Around this time last year I had the good luck to share the back seat of a car to and from a conference with a young academic called Anthony McCann. I had already read one of his articles which suggested both that he was alarmingly clever and that we had many interests in common, and so that weekend led to a friendship which grew over the following months. On Monday mornings we would meet at 8.15 at my favourite cafe and it was not unusual for us still to be there, several coffees down, as the lunchtime rush began.

That series of drawn out breakfasts offered the most sustained period of intellectual guidance I had known since leaving Oxford. Six years on, I was more committed to the ground we covered and (with no disrespect to my old tutors) had found a teacher better suited to my own ways of thinking. (Among other things, it had the effect of allaying my insecurity about never quite making it back to academic study, despite the good intentions and aborted Masters courses of my mid-twenties.)

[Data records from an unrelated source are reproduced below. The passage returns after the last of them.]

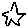
Label: star
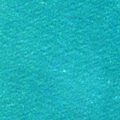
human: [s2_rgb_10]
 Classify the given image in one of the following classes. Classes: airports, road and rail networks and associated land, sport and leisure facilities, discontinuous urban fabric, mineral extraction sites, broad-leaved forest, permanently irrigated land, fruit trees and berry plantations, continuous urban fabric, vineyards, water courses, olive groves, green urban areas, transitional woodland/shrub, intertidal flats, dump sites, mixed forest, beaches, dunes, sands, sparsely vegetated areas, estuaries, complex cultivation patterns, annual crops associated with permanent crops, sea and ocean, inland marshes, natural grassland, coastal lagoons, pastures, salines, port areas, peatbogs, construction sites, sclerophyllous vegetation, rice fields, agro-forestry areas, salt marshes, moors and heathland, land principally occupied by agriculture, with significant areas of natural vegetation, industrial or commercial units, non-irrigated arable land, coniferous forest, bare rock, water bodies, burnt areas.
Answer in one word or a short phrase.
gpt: sea and ocean
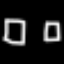
Label: square
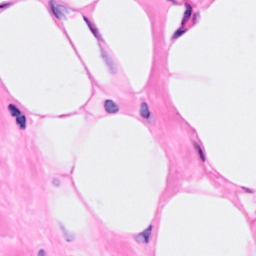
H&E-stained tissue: Breast
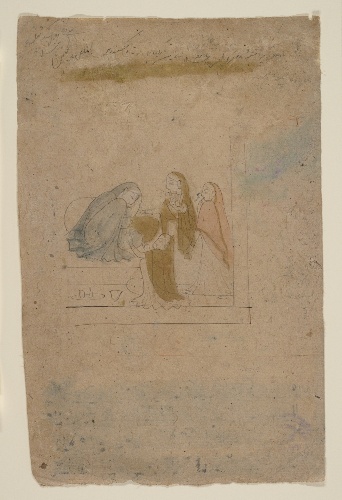
Artist: Nainsukh
Artist bio: active ca. 1735–78
Date: ca. 1775–80
Object type: Painting
Classification: Paintings
Medium: Ink and transparent watercolor on paper
Culture: India (Pahari Hills, Kangra)
Dimensions: Image (sight): 6 5/8 x 10 1/4 in. (16.8 x 26 cm)
Framed: 16 x 20 in. (40.6 x 50.8 cm)
Department: Asian Art
Credit line: Gift of Subhash Kapoor, in memory of his parents, Smt Shashi Kanta and Shree Parshotam Ram Kapoor, 2008
Accession year: 2008
Repository: Metropolitan Museum of Art, New York, NY
Tags: Women
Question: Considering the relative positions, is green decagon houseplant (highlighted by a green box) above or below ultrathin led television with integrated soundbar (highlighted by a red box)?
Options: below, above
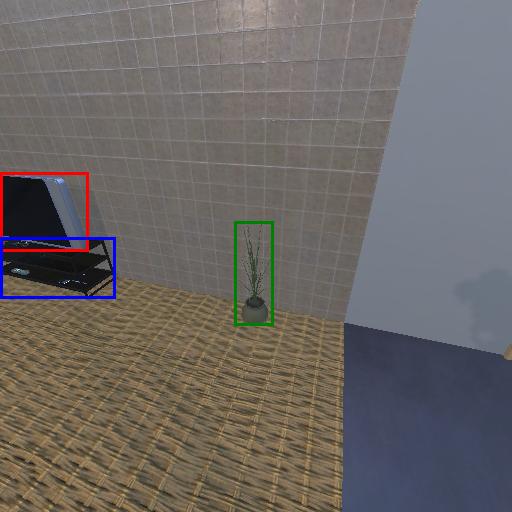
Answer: below
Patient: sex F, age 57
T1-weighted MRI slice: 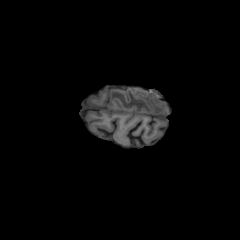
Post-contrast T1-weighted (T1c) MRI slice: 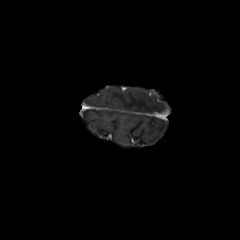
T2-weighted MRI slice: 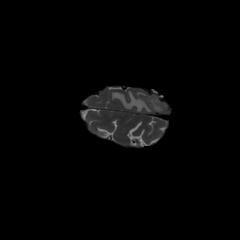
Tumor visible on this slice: yes
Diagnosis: Glioblastoma, IDH-wildtype
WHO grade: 4
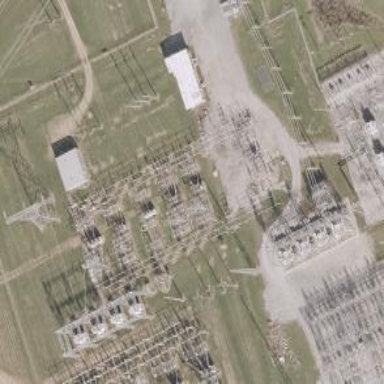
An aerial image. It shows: Switch for power supply.

Sadly for me, though not for him, Anthony moved on to Derry last summer, where he now lectures at the Academy for Irish Cultural Heritages at the University of Ulster. Around the same time, my own life became busier, and our friendship has lain fallow of late. But I was brought back tonight to one of the maxims to which he would return regularly in our conversations. "The more the words matter, the less they matter."

It seems a paradoxical saying for a pair who could talk four hours flat and barely stop for breath. (On one memorable occasion, our conversation was overheard by Sam West, who introduced himself afterwards and expressed an interest in hearing more of my ideas - an interest which sadly came to nothing...) But besides reminding me that I'm too good at hiding in words, Anthony's point was that the more you insist on the letter of what you or anyone else is saying, the less likely it is that you are paying attention to or being heard by those you are with.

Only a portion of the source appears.